**Problem:** Reproduce exactly the lines below from the one containing "#8848=VERTEX_POINT('',#18658);" through the one containing "#12701=AXIS2_PLACEMENT_3D('',#18775,#15084,#15085);", including both, and nothing else.

Collected data
-=-=-

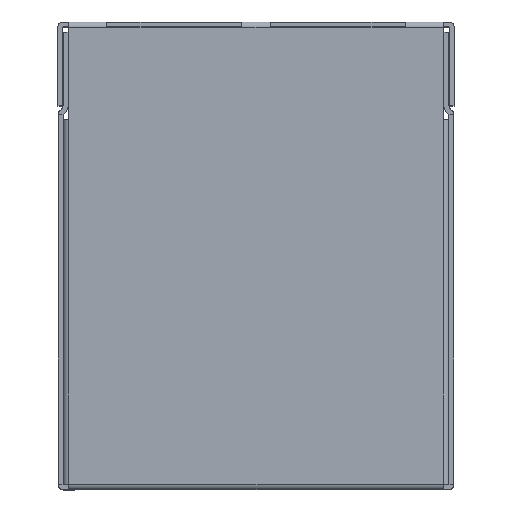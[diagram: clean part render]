
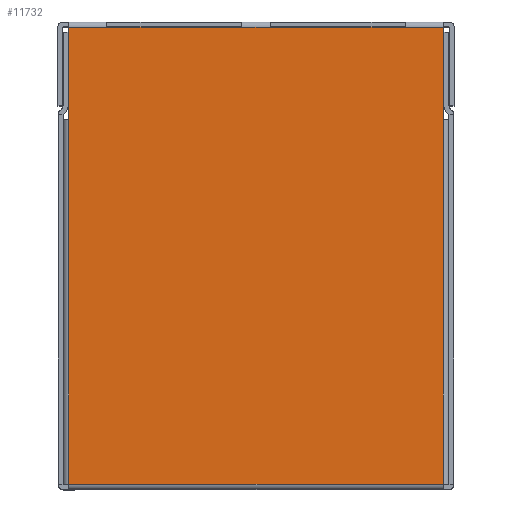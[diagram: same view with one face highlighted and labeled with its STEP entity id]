
A CAD part, top view. The second image highlights one B-rep face of the part: STEP entity #11732.
In plain terms, the highlighted face is planar.
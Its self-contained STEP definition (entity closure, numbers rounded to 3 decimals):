
#467=PLANE('',#12701);
#1390=LINE('',#18625,#2676);
#1395=LINE('',#18646,#2681);
#1399=LINE('',#18657,#2685);
#1400=LINE('',#18664,#2686);
#1441=LINE('',#18774,#2727);
#1442=LINE('',#18776,#2728);
#1443=LINE('',#18778,#2729);
#1444=LINE('',#18779,#2730);
#1445=LINE('',#18780,#2731);
#1446=LINE('',#18781,#2732);
#1447=LINE('',#18782,#2733);
#1448=LINE('',#18783,#2734);
#1449=LINE('',#18785,#2735);
#1450=LINE('',#18787,#2736);
#1451=LINE('',#18789,#2737);
#1452=LINE('',#18791,#2738);
#2676=VECTOR('',#14964,1000.);
#2681=VECTOR('',#14981,1000.);
#2685=VECTOR('',#14989,1000.);
#2686=VECTOR('',#14996,1000.);
#2727=VECTOR('',#15083,1000.);
#2728=VECTOR('',#15086,1000.);
#2729=VECTOR('',#15087,1000.);
#2730=VECTOR('',#15088,1000.);
#2731=VECTOR('',#15089,1000.);
#2732=VECTOR('',#15090,1000.);
#2733=VECTOR('',#15091,1000.);
#2734=VECTOR('',#15092,1000.);
#2735=VECTOR('',#15093,1000.);
#2736=VECTOR('',#15094,1000.);
#2737=VECTOR('',#15095,1000.);
#2738=VECTOR('',#15096,1000.);
#5132=ORIENTED_EDGE('',*,*,#7552,.T.);
#5133=ORIENTED_EDGE('',*,*,#7553,.T.);
#5134=ORIENTED_EDGE('',*,*,#7551,.T.);
#5135=ORIENTED_EDGE('',*,*,#7554,.T.);
#5136=ORIENTED_EDGE('',*,*,#7487,.T.);
#5137=ORIENTED_EDGE('',*,*,#7555,.T.);
#5138=ORIENTED_EDGE('',*,*,#7478,.T.);
#5139=ORIENTED_EDGE('',*,*,#7556,.T.);
#5140=ORIENTED_EDGE('',*,*,#7492,.T.);
#5141=ORIENTED_EDGE('',*,*,#7557,.T.);
#5142=ORIENTED_EDGE('',*,*,#7495,.T.);
#5143=ORIENTED_EDGE('',*,*,#7558,.F.);
#5144=ORIENTED_EDGE('',*,*,#7559,.T.);
#5145=ORIENTED_EDGE('',*,*,#7560,.F.);
#5146=ORIENTED_EDGE('',*,*,#7561,.F.);
#5147=ORIENTED_EDGE('',*,*,#7562,.F.);
#7478=EDGE_CURVE('',#8833,#8834,#1390,.T.);
#7487=EDGE_CURVE('',#8843,#8842,#1395,.T.);
#7492=EDGE_CURVE('',#8848,#8847,#1399,.T.);
#7495=EDGE_CURVE('',#8851,#8849,#1400,.T.);
#7551=EDGE_CURVE('',#8894,#8896,#1441,.T.);
#7552=EDGE_CURVE('',#8897,#8890,#1442,.T.);
#7553=EDGE_CURVE('',#8890,#8894,#1443,.T.);
#7554=EDGE_CURVE('',#8896,#8843,#1444,.T.);
#7555=EDGE_CURVE('',#8842,#8833,#1445,.T.);
#7556=EDGE_CURVE('',#8834,#8848,#1446,.T.);
#7557=EDGE_CURVE('',#8847,#8851,#1447,.T.);
#7558=EDGE_CURVE('',#8898,#8849,#1448,.T.);
#7559=EDGE_CURVE('',#8898,#8899,#1449,.T.);
#7560=EDGE_CURVE('',#8900,#8899,#1450,.T.);
#7561=EDGE_CURVE('',#8901,#8900,#1451,.T.);
#7562=EDGE_CURVE('',#8897,#8901,#1452,.T.);
#8833=VERTEX_POINT('',#18626);
#8834=VERTEX_POINT('',#18627);
#8842=VERTEX_POINT('',#18645);
#8843=VERTEX_POINT('',#18647);
#8847=VERTEX_POINT('',#18656);
#8848=VERTEX_POINT('',#18658);
#8849=VERTEX_POINT('',#18662);
#8851=VERTEX_POINT('',#18665);
#8890=VERTEX_POINT('',#18760);
#8894=VERTEX_POINT('',#18769);
#8896=VERTEX_POINT('',#18773);
#8897=VERTEX_POINT('',#18777);
#8898=VERTEX_POINT('',#18784);
#8899=VERTEX_POINT('',#18786);
#8900=VERTEX_POINT('',#18788);
#8901=VERTEX_POINT('',#18790);
#10009=EDGE_LOOP('',(#5132,#5133,#5134,#5135,#5136,#5137,#5138,#5139,#5140,
#5141,#5142,#5143,#5144,#5145,#5146,#5147));
#10785=FACE_BOUND('',#10009,.T.);
#11732=ADVANCED_FACE('',(#10785),#467,.T.);
#12701=AXIS2_PLACEMENT_3D('',#18775,#15084,#15085);
#14964=DIRECTION('',(-1.,0.,0.));
#14981=DIRECTION('',(0.,-1.,0.));
#14989=DIRECTION('',(-1.,0.,0.));
#14996=DIRECTION('',(-1.,0.,0.));
#15083=DIRECTION('',(0.,-1.,0.));
#15084=DIRECTION('',(0.,0.,-1.));
#15085=DIRECTION('',(0.,1.,0.));
#15086=DIRECTION('',(1.,0.,0.));
#15087=DIRECTION('',(0.,-1.,0.));
#15088=DIRECTION('',(1.,0.,0.));
#15089=DIRECTION('',(-1.,0.,0.));
#15090=DIRECTION('',(-1.,0.,0.));
#15091=DIRECTION('',(-1.,0.,0.));
#15092=DIRECTION('',(1.,0.,0.));
#15093=DIRECTION('',(0.,1.,0.));
#15094=DIRECTION('',(-1.,0.,0.));
#15095=DIRECTION('',(0.,-1.,0.));
#15096=DIRECTION('',(0.,-1.,0.));
#18625=CARTESIAN_POINT('',(7.71,-10.885,-5.925));
#18626=CARTESIAN_POINT('',(7.5,-10.885,-5.925));
#18627=CARTESIAN_POINT('',(5.97,-10.885,-5.925));
#18645=CARTESIAN_POINT('',(7.71,-10.885,-5.925));
#18646=CARTESIAN_POINT('',(7.71,7.455,-5.925));
#18647=CARTESIAN_POINT('',(7.71,-10.885,-5.925));
#18656=CARTESIAN_POINT('',(-0.57,-10.885,-5.925));
#18657=CARTESIAN_POINT('',(7.71,-10.885,-5.925));
#18658=CARTESIAN_POINT('',(0.57,-10.885,-5.925));
#18662=CARTESIAN_POINT('',(-7.5,-10.885,-5.925));
#18664=CARTESIAN_POINT('',(7.71,-10.885,-5.925));
#18665=CARTESIAN_POINT('',(-5.97,-10.885,-5.925));
#18760=CARTESIAN_POINT('',(7.5,7.395,-5.925));
#18769=CARTESIAN_POINT('',(7.5,-7.205,-5.925));
#18773=CARTESIAN_POINT('',(7.5,-10.885,-5.925));
#18774=CARTESIAN_POINT('',(7.5,-10.885,-5.925));
#18775=CARTESIAN_POINT('',(0.,0.,
-5.925));
#18776=CARTESIAN_POINT('',(-7.71,7.395,-5.925));
#18777=CARTESIAN_POINT('',(-7.5,7.395,-5.925));
#18778=CARTESIAN_POINT('',(7.5,-10.885,-5.925));
#18779=CARTESIAN_POINT('',(7.71,-10.885,-5.925));
#18780=CARTESIAN_POINT('',(7.71,-10.885,-5.925));
#18781=CARTESIAN_POINT('',(5.97,-10.885,-5.925));
#18782=CARTESIAN_POINT('',(-0.57,-10.885,-5.925));
#18783=CARTESIAN_POINT('',(-7.71,-10.885,-5.925));
#18784=CARTESIAN_POINT('',(-7.71,-10.885,-5.925));
#18785=CARTESIAN_POINT('',(-7.71,7.455,-5.925));
#18786=CARTESIAN_POINT('',(-7.71,-10.885,-5.925));
#18787=CARTESIAN_POINT('',(-7.71,-10.885,-5.925));
#18788=CARTESIAN_POINT('',(-7.5,-10.885,-5.925));
#18789=CARTESIAN_POINT('',(-7.5,-10.885,-5.925));
#18790=CARTESIAN_POINT('',(-7.5,-7.205,-5.925));
#18791=CARTESIAN_POINT('',(-7.5,-10.885,-5.925));

-=-=-

**Response to this task:**
#8848=VERTEX_POINT('',#18658);
#8849=VERTEX_POINT('',#18662);
#8851=VERTEX_POINT('',#18665);
#8890=VERTEX_POINT('',#18760);
#8894=VERTEX_POINT('',#18769);
#8896=VERTEX_POINT('',#18773);
#8897=VERTEX_POINT('',#18777);
#8898=VERTEX_POINT('',#18784);
#8899=VERTEX_POINT('',#18786);
#8900=VERTEX_POINT('',#18788);
#8901=VERTEX_POINT('',#18790);
#10009=EDGE_LOOP('',(#5132,#5133,#5134,#5135,#5136,#5137,#5138,#5139,#5140,
#5141,#5142,#5143,#5144,#5145,#5146,#5147));
#10785=FACE_BOUND('',#10009,.T.);
#11732=ADVANCED_FACE('',(#10785),#467,.T.);
#12701=AXIS2_PLACEMENT_3D('',#18775,#15084,#15085);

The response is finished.